Fahndungserfolg in Herne: Die Kripo Bochum hat dank Hinweisen aus der Bevölkerung zwei Tatverdächtige identifiziert, die einen Busfahrer angegriffen haben…
Gute Nachrichten aus Herne: Die Öffentlichkeitsfahndung der Kriminalpolizei Bochum hat sich ausgezahlt! Dank zahlreicher sachdienlicher Hinweise aus der Bevölkerung konnten zwei Tatverdächtige nach einem Körperverletzungsdelikt am Busbahnhof Herne erfolgreich identifiziert werden. Die Fahndung ist damit abgeschlossen – und die veröffentlichten Fotos sollen laut Polizei nicht mehr weiter genutzt werden.1
Zurück zum Tatgeschehen: Am 29. Januar 2026 sollen zwei Jugendliche im Alter von 17 und 18 Jahren am Busbahnhof in Herne auf einen Busfahrer eingeschlagen haben. Der Auslöser? Der Fahrer hatte die Gruppe zuvor aufgefordert, ihre Tickets vorzuzeigen – eine völlig normale und berechtigte Aufforderung. Was folgte, war alles andere als normal: Die Situation eskalierte, und der Busfahrer wurde körperlich angegriffen.1
Die Kripo Bochum hatte daraufhin mit Fotos öffentlich nach den Tatverdächtigen gefahndet. Und die Community hat geliefert: Durch die eingehenden Hinweise konnten beide Jugendlichen aus Herne ermittelt werden.1
Dieser Fall zeigt einmal mehr, wie wichtig die Unterstützung der Bevölkerung für die Polizeiarbeit ist. Ähnlich lief es auch bei der Fahndung nach Fußball-Krawallen in Bochum: Wie wir in einem früheren Beitrag berichtet haben, suchte die Bochumer Polizei nach gewaltsamen Vorfällen rund um ein Fußballspiel zwischen VfL Bochum und Hannover 96 öffentlich nach einem Verdächtigen – auch dort war die Mithilfe der Menschen gefragt.2 Es ist beeindruckend zu sehen, wie viel die Bevölkerung mit einem gezielten Hinweis bewegen kann.
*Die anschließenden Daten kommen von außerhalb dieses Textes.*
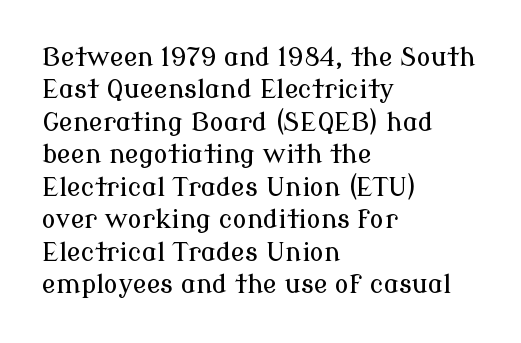
These lines sit exactly where default settings would place them. The letters stand upright; this is a roman face. Typeset ragged right — the left edge is the straight one. Just letters on the line, the space beneath them empty. Caption: standard tracking, unaltered.

Die Polizei Bochum bedankt sich ausdrücklich für die Unterstützung und bittet darum, die im Rahmen der Fahndung veröffentlichten Fotos der Tatverdächtigen aus Herne jetzt nicht mehr weiterzuteilen oder zu verbreiten.1
Beide Jugendlichen – 17 und 18 Jahre alt, beide aus Herne – sind nun bei der Kripo bekannt. Wie es für sie rechtlich weitergeht, hat die Polizei bislang nicht mitgeteilt. Fakt ist: Wer Sicherheitskräfte oder andere Menschen angreift, muss mit den Konsequenzen rechnen – egal wie alt man ist.1
Ob Fußball-Krawalle oder Angriffe im öffentlichen Nahverkehr – die Botschaft bleibt dieselbe: Gewalt hat keinen Platz in unserer Gesellschaft, und wer etwas sieht, sollte sich trauen, es zu melden. Anonym, wenn nötig. Die Polizei Bochum ist unter der Telefonnummer 0234 909-1026 erreichbar, außerdem per E-Mail unter pressestelle.bochum@polizei.nrw.de.1 Hinweise können häufig auch über das Onlineportal der Polizei NRW eingereicht werden.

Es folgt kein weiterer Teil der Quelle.